■ Exercise description: What is the number of lines in the data that include the string "transform"? Give it by itself.

### Task data ###

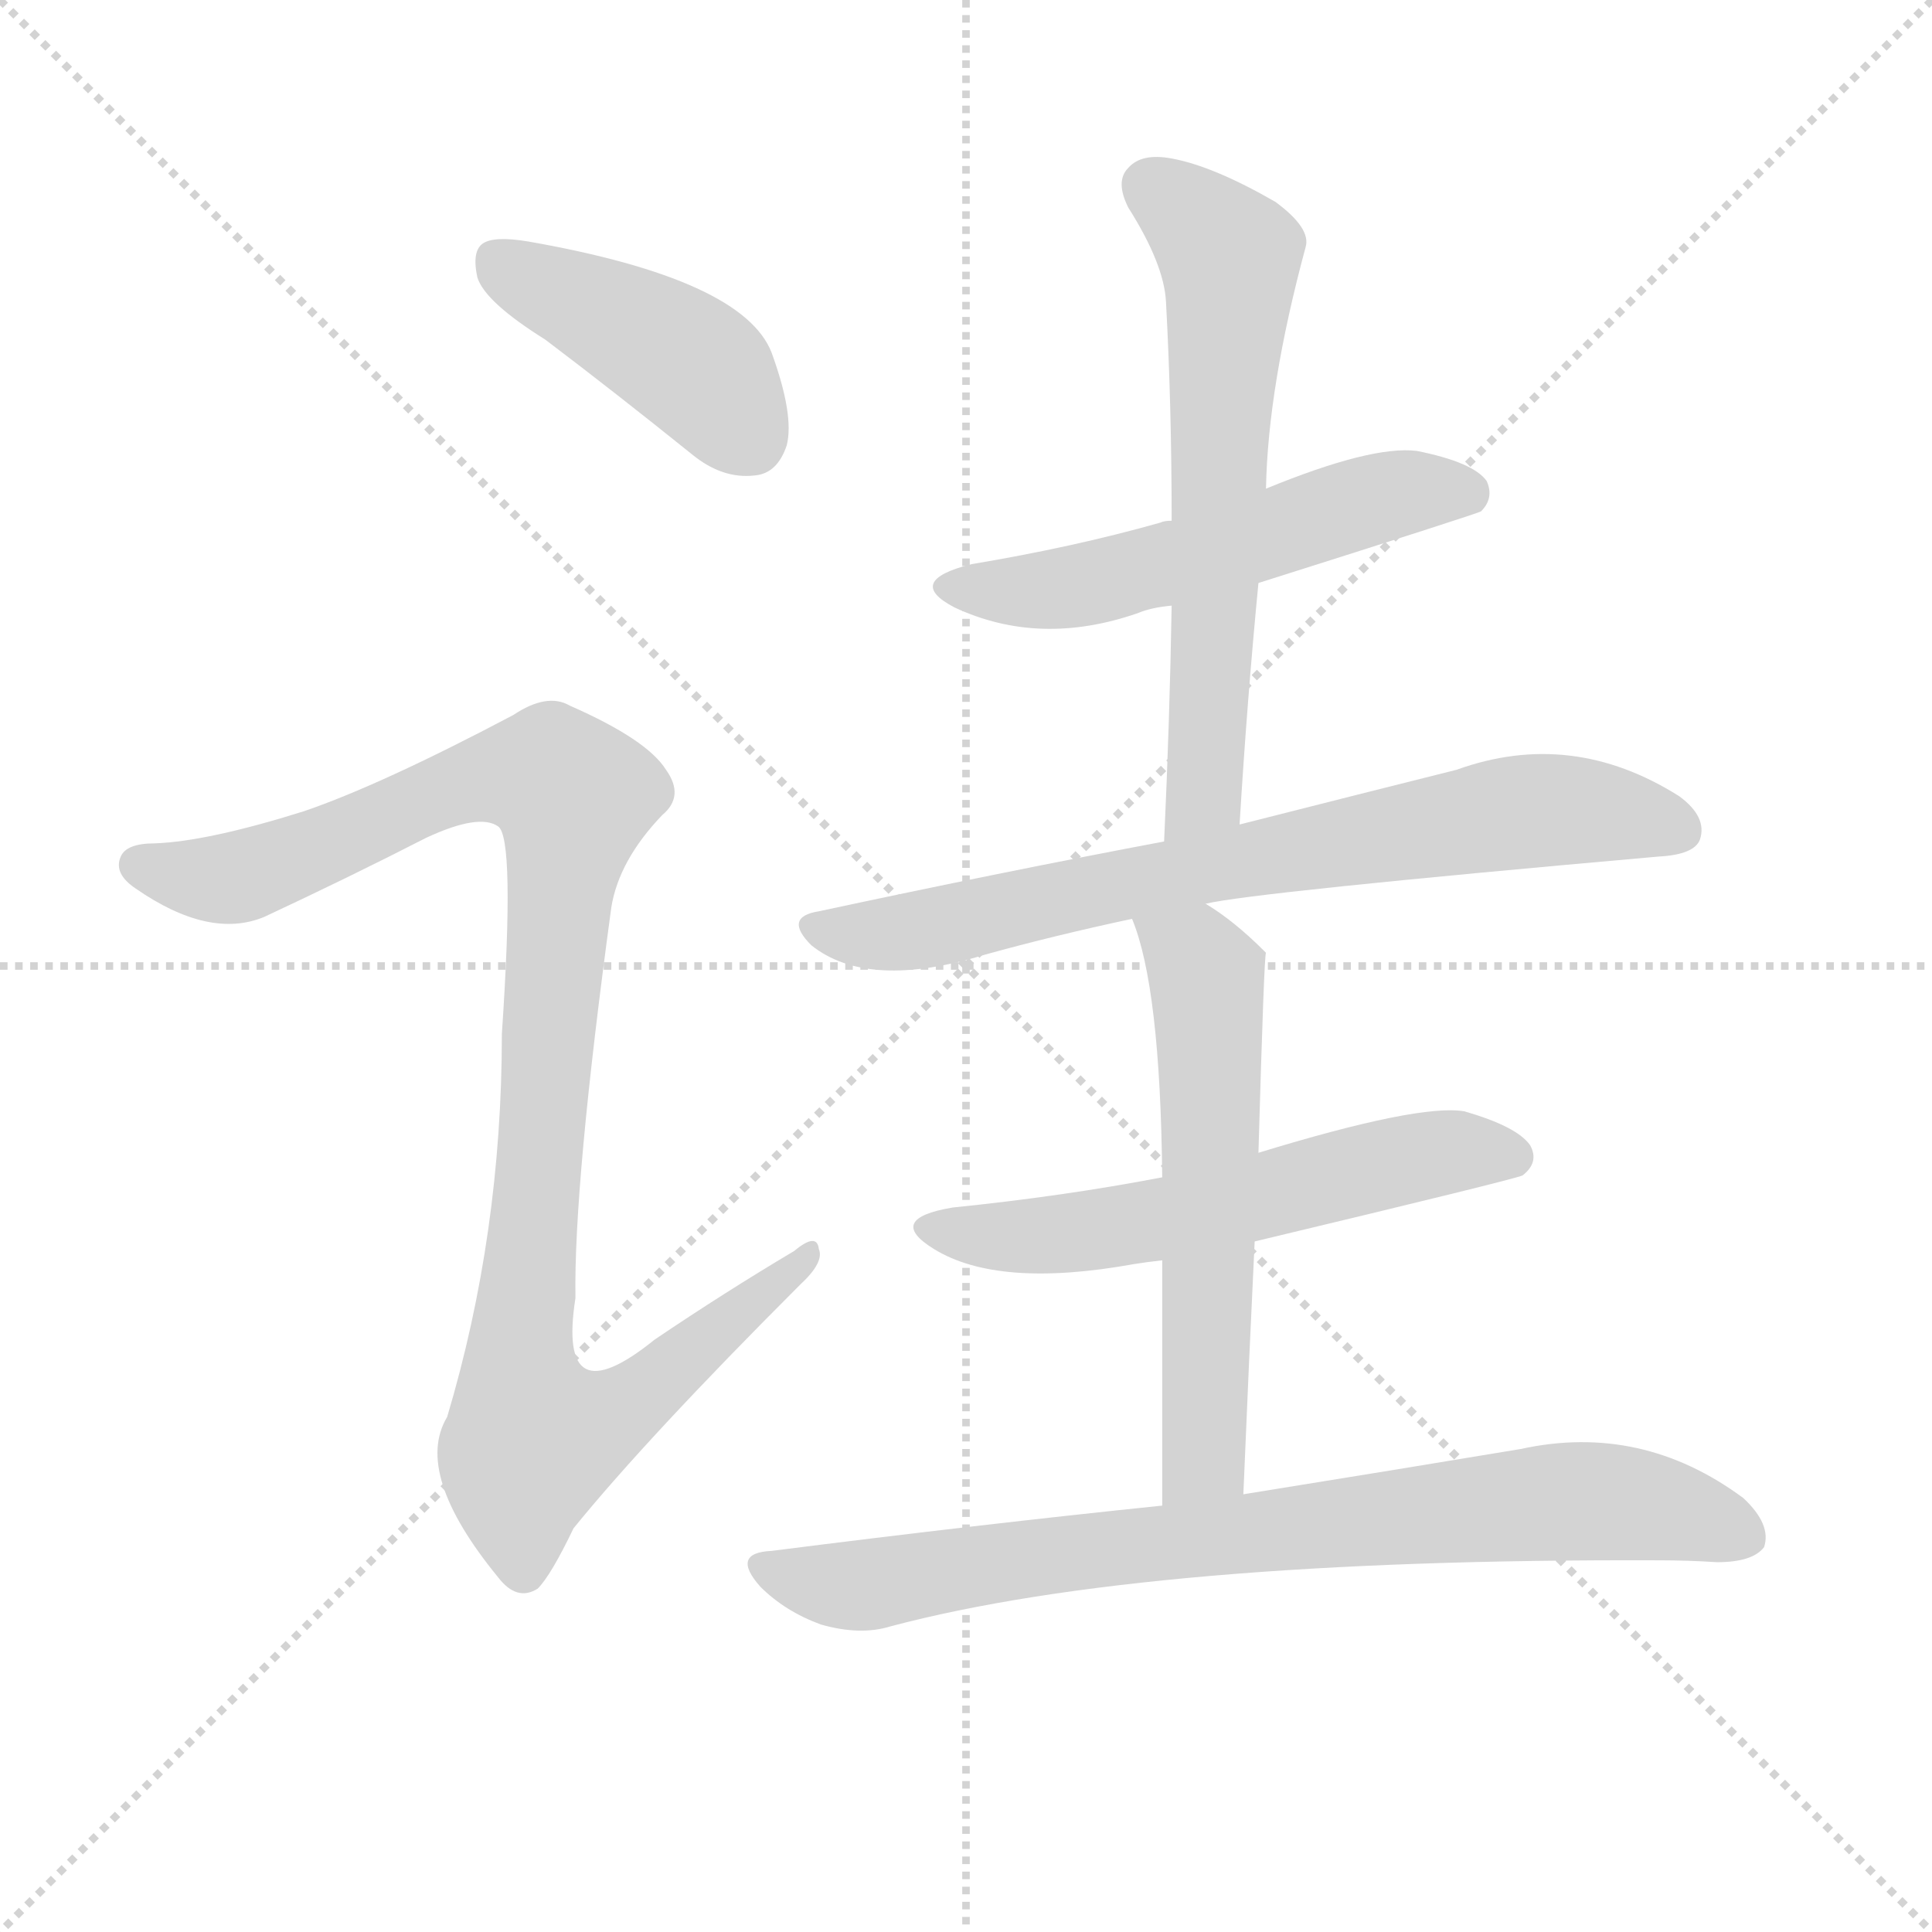 <svg version="1.1" viewBox="0 0 1024 1024" xmlns="http://www.w3.org/2000/svg">
  <g stroke="lightgray" stroke-dasharray="1,1" stroke-width="1" transform="scale(4, 4)">
    <line x1="0" y1="0" x2="256" y2="256"></line>
    <line x1="256" y1="0" x2="0" y2="256"></line>
    <line x1="128" y1="0" x2="128" y2="256"></line>
    <line x1="0" y1="128" x2="256" y2="128"></line>
  </g>
  <g transform="scale(1, -1) translate(0, -900)">
    <style type="text/css">
      
        @keyframes keyframes0 {
          from {
            stroke: blue;
            stroke-dashoffset: 423;
            stroke-width: 128;
          }
          58% {
            animation-timing-function: step-end;
            stroke: blue;
            stroke-dashoffset: 0;
            stroke-width: 128;
          }
          to {
            stroke: black;
            stroke-width: 1024;
          }
        }
        #make-me-a-hanzi-animation-0 {
          animation: keyframes0 0.594s both;
          animation-delay: 0s;
          animation-timing-function: linear;
        }
      
        @keyframes keyframes1 {
          from {
            stroke: blue;
            stroke-dashoffset: 1020;
            stroke-width: 128;
          }
          77% {
            animation-timing-function: step-end;
            stroke: blue;
            stroke-dashoffset: 0;
            stroke-width: 128;
          }
          to {
            stroke: black;
            stroke-width: 1024;
          }
        }
        #make-me-a-hanzi-animation-1 {
          animation: keyframes1 1.08s both;
          animation-delay: 0.594s;
          animation-timing-function: linear;
        }
      
        @keyframes keyframes2 {
          from {
            stroke: blue;
            stroke-dashoffset: 536;
            stroke-width: 128;
          }
          64% {
            animation-timing-function: step-end;
            stroke: blue;
            stroke-dashoffset: 0;
            stroke-width: 128;
          }
          to {
            stroke: black;
            stroke-width: 1024;
          }
        }
        #make-me-a-hanzi-animation-2 {
          animation: keyframes2 0.686s both;
          animation-delay: 1.674s;
          animation-timing-function: linear;
        }
      
        @keyframes keyframes3 {
          from {
            stroke: blue;
            stroke-dashoffset: 620;
            stroke-width: 128;
          }
          67% {
            animation-timing-function: step-end;
            stroke: blue;
            stroke-dashoffset: 0;
            stroke-width: 128;
          }
          to {
            stroke: black;
            stroke-width: 1024;
          }
        }
        #make-me-a-hanzi-animation-3 {
          animation: keyframes3 0.755s both;
          animation-delay: 2.361s;
          animation-timing-function: linear;
        }
      
        @keyframes keyframes4 {
          from {
            stroke: blue;
            stroke-dashoffset: 721;
            stroke-width: 128;
          }
          70% {
            animation-timing-function: step-end;
            stroke: blue;
            stroke-dashoffset: 0;
            stroke-width: 128;
          }
          to {
            stroke: black;
            stroke-width: 1024;
          }
        }
        #make-me-a-hanzi-animation-4 {
          animation: keyframes4 0.837s both;
          animation-delay: 3.115s;
          animation-timing-function: linear;
        }
      
        @keyframes keyframes5 {
          from {
            stroke: blue;
            stroke-dashoffset: 567;
            stroke-width: 128;
          }
          65% {
            animation-timing-function: step-end;
            stroke: blue;
            stroke-dashoffset: 0;
            stroke-width: 128;
          }
          to {
            stroke: black;
            stroke-width: 1024;
          }
        }
        #make-me-a-hanzi-animation-5 {
          animation: keyframes5 0.711s both;
          animation-delay: 3.952s;
          animation-timing-function: linear;
        }
      
        @keyframes keyframes6 {
          from {
            stroke: blue;
            stroke-dashoffset: 577;
            stroke-width: 128;
          }
          65% {
            animation-timing-function: step-end;
            stroke: blue;
            stroke-dashoffset: 0;
            stroke-width: 128;
          }
          to {
            stroke: black;
            stroke-width: 1024;
          }
        }
        #make-me-a-hanzi-animation-6 {
          animation: keyframes6 0.72s both;
          animation-delay: 4.663s;
          animation-timing-function: linear;
        }
      
        @keyframes keyframes7 {
          from {
            stroke: blue;
            stroke-dashoffset: 781;
            stroke-width: 128;
          }
          72% {
            animation-timing-function: step-end;
            stroke: blue;
            stroke-dashoffset: 0;
            stroke-width: 128;
          }
          to {
            stroke: black;
            stroke-width: 1024;
          }
        }
        #make-me-a-hanzi-animation-7 {
          animation: keyframes7 0.886s both;
          animation-delay: 5.383s;
          animation-timing-function: linear;
        }
      
    </style>
    
      <path d="M 289 720 Q 326 692 367 659 Q 383 646 400 648 Q 412 649 417 664 Q 421 680 409 713 Q 394 752 280 772 Q 262 775 256 771 Q 250 767 253 753 Q 257 740 289 720 Z" fill="lightgray"></path>
    
      <path d="M 161 470 Q 110 454 82 453 Q 67 453 64 446 Q 60 437 72 429 Q 111 402 140 414 Q 185 435 226 456 Q 254 469 264 462 Q 273 456 266 352 Q 266 246 237 149 Q 219 119 264 64 Q 274 51 285 58 Q 292 65 304 90 Q 343 138 424 219 Q 437 231 434 238 Q 433 247 421 237 Q 384 215 347 190 Q 295 148 305 212 Q 304 272 324 419 Q 328 444 351 468 Q 363 478 353 492 Q 343 508 302 526 Q 290 533 272 521 Q 202 484 161 470 Z" fill="lightgray"></path>
    
      <path d="M 667 591 Q 784 628 785 629 Q 792 636 788 645 Q 781 655 751 661 Q 727 664 671 641 L 621 624 Q 617 624 615 623 Q 569 610 515 601 Q 479 592 506 578 Q 551 557 603 575 Q 610 578 621 579 L 667 591 Z" fill="lightgray"></path>
    
      <path d="M 657 463 Q 661 529 667 591 L 671 641 Q 672 695 692 769 Q 695 779 676 793 Q 643 812 621 816 Q 605 819 598 811 Q 591 804 598 790 Q 617 760 618 740 Q 621 685 621 624 L 621 579 Q 620 519 617 454 C 616 424 655 433 657 463 Z" fill="lightgray"></path>
    
      <path d="M 639 421 Q 664 427 879 446 Q 898 447 901 455 Q 905 467 890 478 Q 833 514 772 492 Q 724 480 657 463 L 617 454 Q 532 438 434 417 Q 415 414 430 399 Q 460 375 522 394 Q 558 404 600 413 L 639 421 Z" fill="lightgray"></path>
    
      <path d="M 665 242 Q 803 275 807 277 Q 816 284 811 293 Q 804 303 776 311 Q 752 315 667 289 L 616 276 Q 564 266 505 260 Q 469 254 495 238 Q 529 217 601 230 Q 607 231 616 232 L 665 242 Z" fill="lightgray"></path>
    
      <path d="M 659 108 Q 662 180 665 242 L 667 289 Q 670 394 671 395 L 670 396 Q 654 412 639 421 C 614 438 590 441 600 413 Q 615 377 616 276 L 616 232 Q 616 180 616 102 C 616 72 658 78 659 108 Z" fill="lightgray"></path>
    
      <path d="M 616 102 Q 519 92 409 78 Q 387 77 403 59 Q 416 46 435 39 Q 456 33 472 38 Q 608 74 879 73 Q 895 73 910 72 Q 929 72 935 80 Q 939 92 924 106 Q 870 146 806 132 Q 746 122 659 108 L 616 102 Z" fill="lightgray"></path>
    
    
      <clipPath id="make-me-a-hanzi-clip-0">
        <path d="M 289 720 Q 326 692 367 659 Q 383 646 400 648 Q 412 649 417 664 Q 421 680 409 713 Q 394 752 280 772 Q 262 775 256 771 Q 250 767 253 753 Q 257 740 289 720 Z"></path>
      </clipPath>
      <path clip-path="url(#make-me-a-hanzi-clip-0)" d="M 263 763 L 363 709 L 397 668" fill="none" id="make-me-a-hanzi-animation-0" stroke-dasharray="295 590" stroke-linecap="round"></path>
    
      <clipPath id="make-me-a-hanzi-clip-1">
        <path d="M 161 470 Q 110 454 82 453 Q 67 453 64 446 Q 60 437 72 429 Q 111 402 140 414 Q 185 435 226 456 Q 254 469 264 462 Q 273 456 266 352 Q 266 246 237 149 Q 219 119 264 64 Q 274 51 285 58 Q 292 65 304 90 Q 343 138 424 219 Q 437 231 434 238 Q 433 247 421 237 Q 384 215 347 190 Q 295 148 305 212 Q 304 272 324 419 Q 328 444 351 468 Q 363 478 353 492 Q 343 508 302 526 Q 290 533 272 521 Q 202 484 161 470 Z"></path>
      </clipPath>
      <path clip-path="url(#make-me-a-hanzi-clip-1)" d="M 73 442 L 114 434 L 138 438 L 257 488 L 295 487 L 304 478 L 275 180 L 283 139 L 321 148 L 428 235" fill="none" id="make-me-a-hanzi-animation-1" stroke-dasharray="892 1784" stroke-linecap="round"></path>
    
      <clipPath id="make-me-a-hanzi-clip-2">
        <path d="M 667 591 Q 784 628 785 629 Q 792 636 788 645 Q 781 655 751 661 Q 727 664 671 641 L 621 624 Q 617 624 615 623 Q 569 610 515 601 Q 479 592 506 578 Q 551 557 603 575 Q 610 578 621 579 L 667 591 Z"></path>
      </clipPath>
      <path clip-path="url(#make-me-a-hanzi-clip-2)" d="M 508 591 L 565 588 L 730 636 L 781 636" fill="none" id="make-me-a-hanzi-animation-2" stroke-dasharray="408 816" stroke-linecap="round"></path>
    
      <clipPath id="make-me-a-hanzi-clip-3">
        <path d="M 657 463 Q 661 529 667 591 L 671 641 Q 672 695 692 769 Q 695 779 676 793 Q 643 812 621 816 Q 605 819 598 811 Q 591 804 598 790 Q 617 760 618 740 Q 621 685 621 624 L 621 579 Q 620 519 617 454 C 616 424 655 433 657 463 Z"></path>
      </clipPath>
      <path clip-path="url(#make-me-a-hanzi-clip-3)" d="M 610 801 L 652 764 L 639 486 L 622 462" fill="none" id="make-me-a-hanzi-animation-3" stroke-dasharray="492 984" stroke-linecap="round"></path>
    
      <clipPath id="make-me-a-hanzi-clip-4">
        <path d="M 639 421 Q 664 427 879 446 Q 898 447 901 455 Q 905 467 890 478 Q 833 514 772 492 Q 724 480 657 463 L 617 454 Q 532 438 434 417 Q 415 414 430 399 Q 460 375 522 394 Q 558 404 600 413 L 639 421 Z"></path>
      </clipPath>
      <path clip-path="url(#make-me-a-hanzi-clip-4)" d="M 432 408 L 490 407 L 800 469 L 846 470 L 890 460" fill="none" id="make-me-a-hanzi-animation-4" stroke-dasharray="593 1186" stroke-linecap="round"></path>
    
      <clipPath id="make-me-a-hanzi-clip-5">
        <path d="M 665 242 Q 803 275 807 277 Q 816 284 811 293 Q 804 303 776 311 Q 752 315 667 289 L 616 276 Q 564 266 505 260 Q 469 254 495 238 Q 529 217 601 230 Q 607 231 616 232 L 665 242 Z"></path>
      </clipPath>
      <path clip-path="url(#make-me-a-hanzi-clip-5)" d="M 497 250 L 570 246 L 764 289 L 803 286" fill="none" id="make-me-a-hanzi-animation-5" stroke-dasharray="439 878" stroke-linecap="round"></path>
    
      <clipPath id="make-me-a-hanzi-clip-6">
        <path d="M 659 108 Q 662 180 665 242 L 667 289 Q 670 394 671 395 L 670 396 Q 654 412 639 421 C 614 438 590 441 600 413 Q 615 377 616 276 L 616 232 Q 616 180 616 102 C 616 72 658 78 659 108 Z"></path>
      </clipPath>
      <path clip-path="url(#make-me-a-hanzi-clip-6)" d="M 607 411 L 637 388 L 641 369 L 639 133 L 622 111" fill="none" id="make-me-a-hanzi-animation-6" stroke-dasharray="449 898" stroke-linecap="round"></path>
    
      <clipPath id="make-me-a-hanzi-clip-7">
        <path d="M 616 102 Q 519 92 409 78 Q 387 77 403 59 Q 416 46 435 39 Q 456 33 472 38 Q 608 74 879 73 Q 895 73 910 72 Q 929 72 935 80 Q 939 92 924 106 Q 870 146 806 132 Q 746 122 659 108 L 616 102 Z"></path>
      </clipPath>
      <path clip-path="url(#make-me-a-hanzi-clip-7)" d="M 406 69 L 462 60 L 554 76 L 819 104 L 879 101 L 925 86" fill="none" id="make-me-a-hanzi-animation-7" stroke-dasharray="653 1306" stroke-linecap="round"></path>
    
  </g>
</svg>

###

■ Answer box: 2